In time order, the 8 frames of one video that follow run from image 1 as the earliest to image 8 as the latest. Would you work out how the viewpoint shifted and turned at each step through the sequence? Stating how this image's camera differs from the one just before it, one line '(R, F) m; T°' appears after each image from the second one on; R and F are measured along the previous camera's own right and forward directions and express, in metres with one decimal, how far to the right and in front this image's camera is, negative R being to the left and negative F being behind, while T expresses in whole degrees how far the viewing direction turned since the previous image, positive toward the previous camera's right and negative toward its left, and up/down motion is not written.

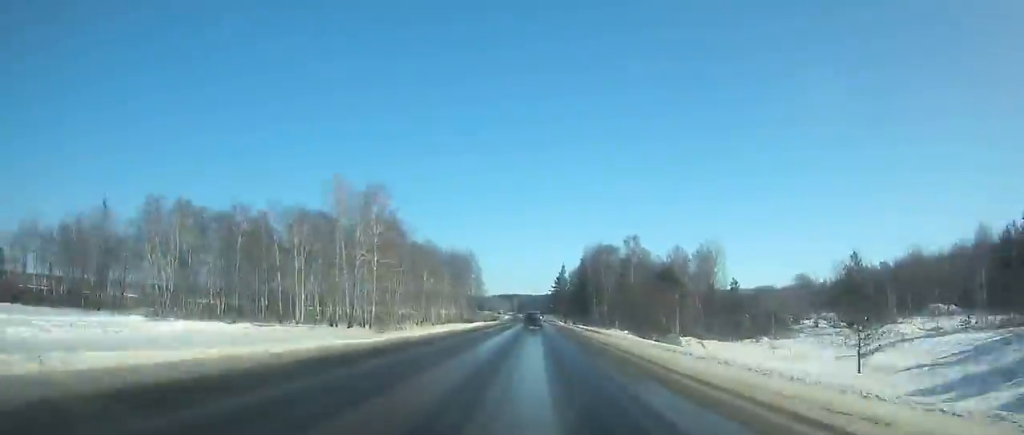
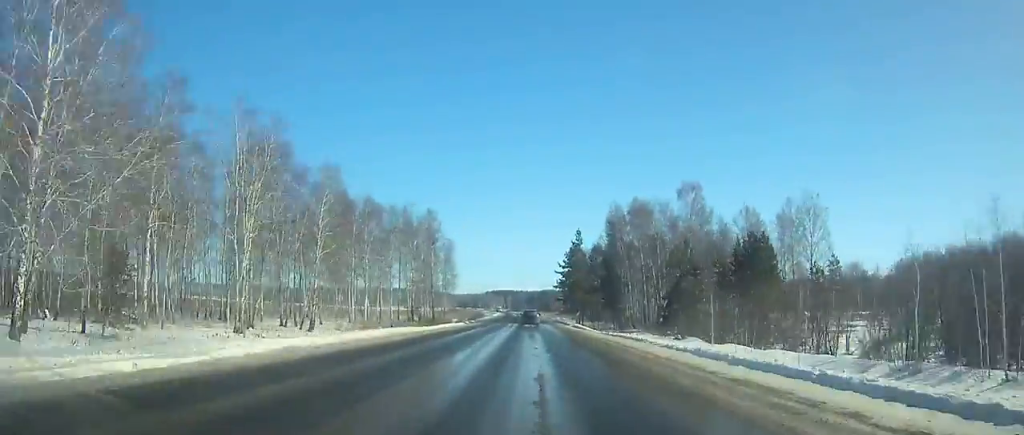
(0.0, +56.5) m; 0°
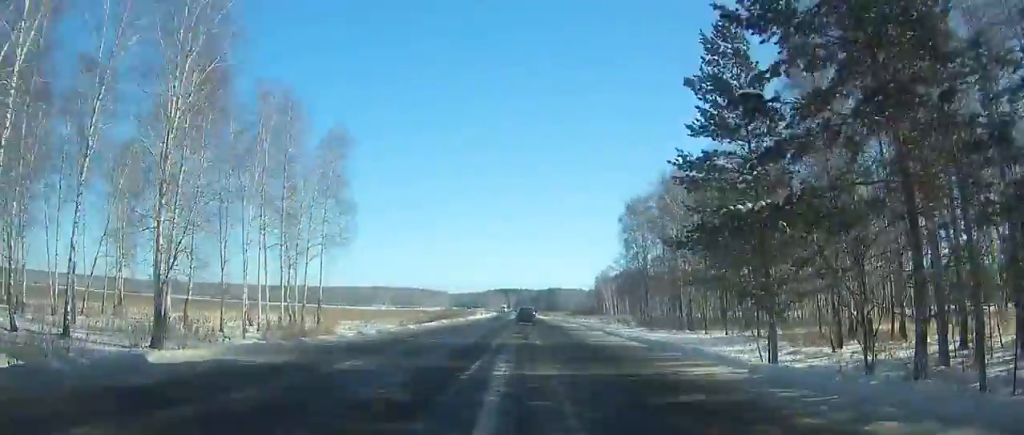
(-0.1, +76.4) m; 0°
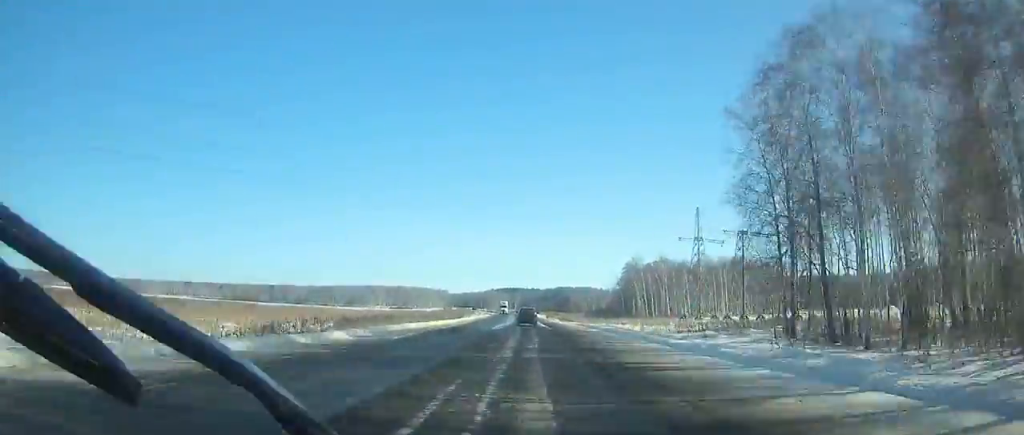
(-0.1, +55.3) m; 0°
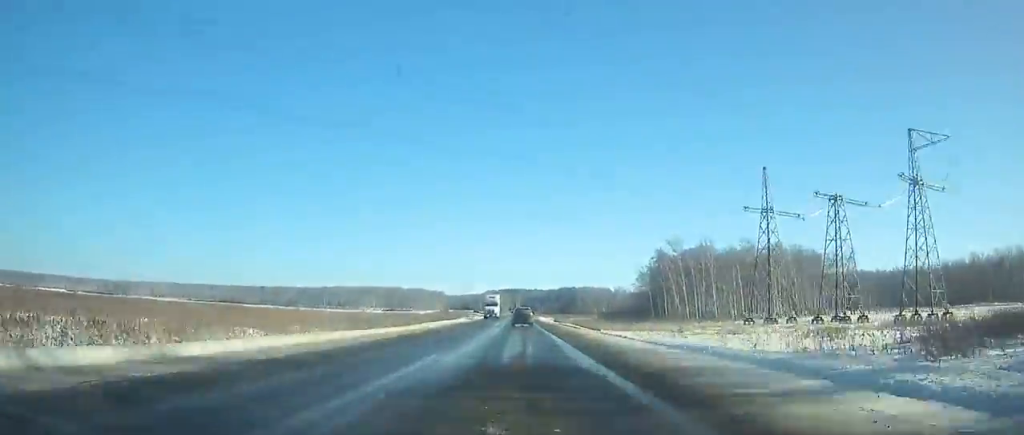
(-0.2, +40.9) m; -1°
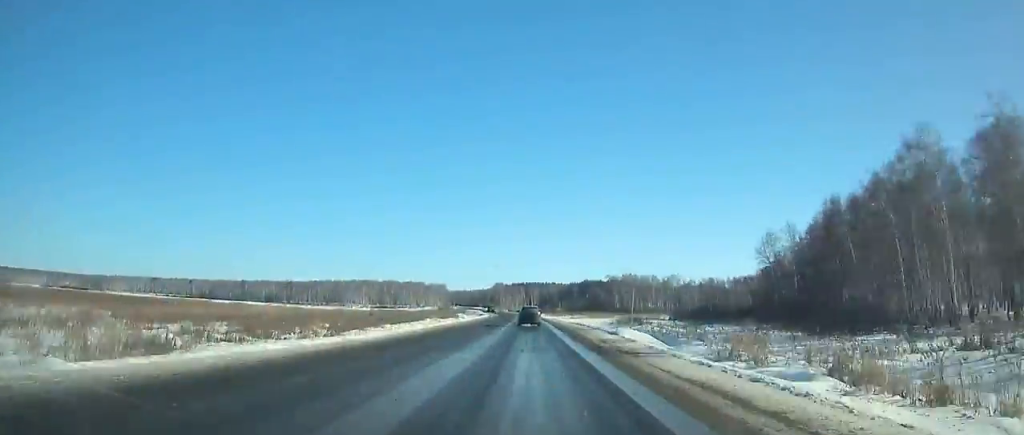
(-1.0, +98.6) m; -1°
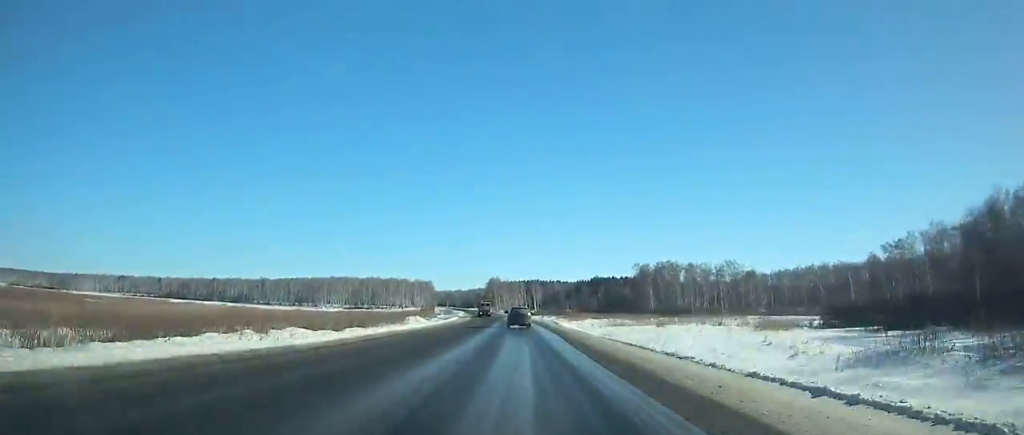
(-0.3, +75.0) m; -1°
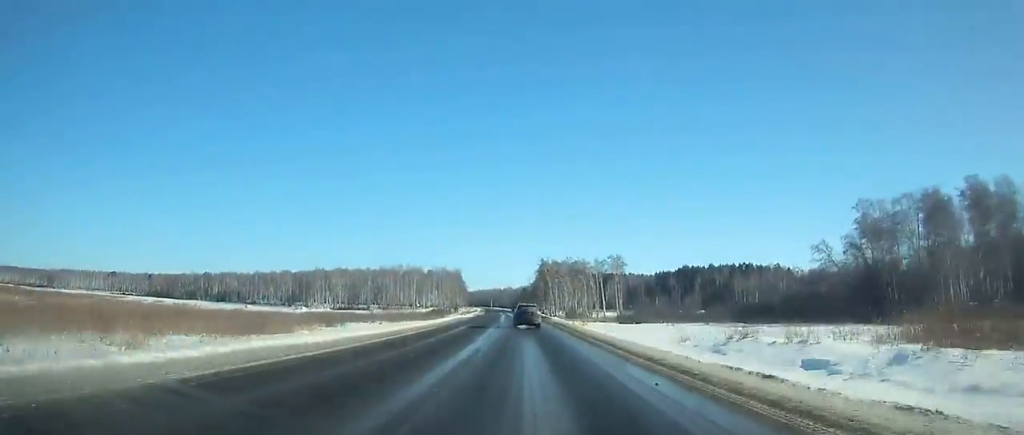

TASK DIRECTIONS
The material should be returned verbatim, with all images omitted.

RESULT OF THE EXERCISE
In time order, the 8 frames of one video that follow run from image 1 as the earliest to image 8 as the latest. Would you work out how the viewpoint shifted and turned at each step through the sequence? Stating how this image's camera differs from the one just before it, one line '(R, F) m; T°' appears after each image from the second one on; R and F are measured along the previous camera's own right and forward directions and express, in metres with one decimal, how far to the right and in front this image's camera is, negative R being to the left and negative F being behind, while T expresses in whole degrees how far the viewing direction turned since the previous image, positive toward the previous camera's right and negative toward its left, and up/down motion is not written.

(0.0, +56.5) m; 0°
(-0.1, +76.4) m; 0°
(-0.1, +55.3) m; 0°
(-0.2, +40.9) m; -1°
(-1.0, +98.6) m; -1°
(-0.3, +75.0) m; -1°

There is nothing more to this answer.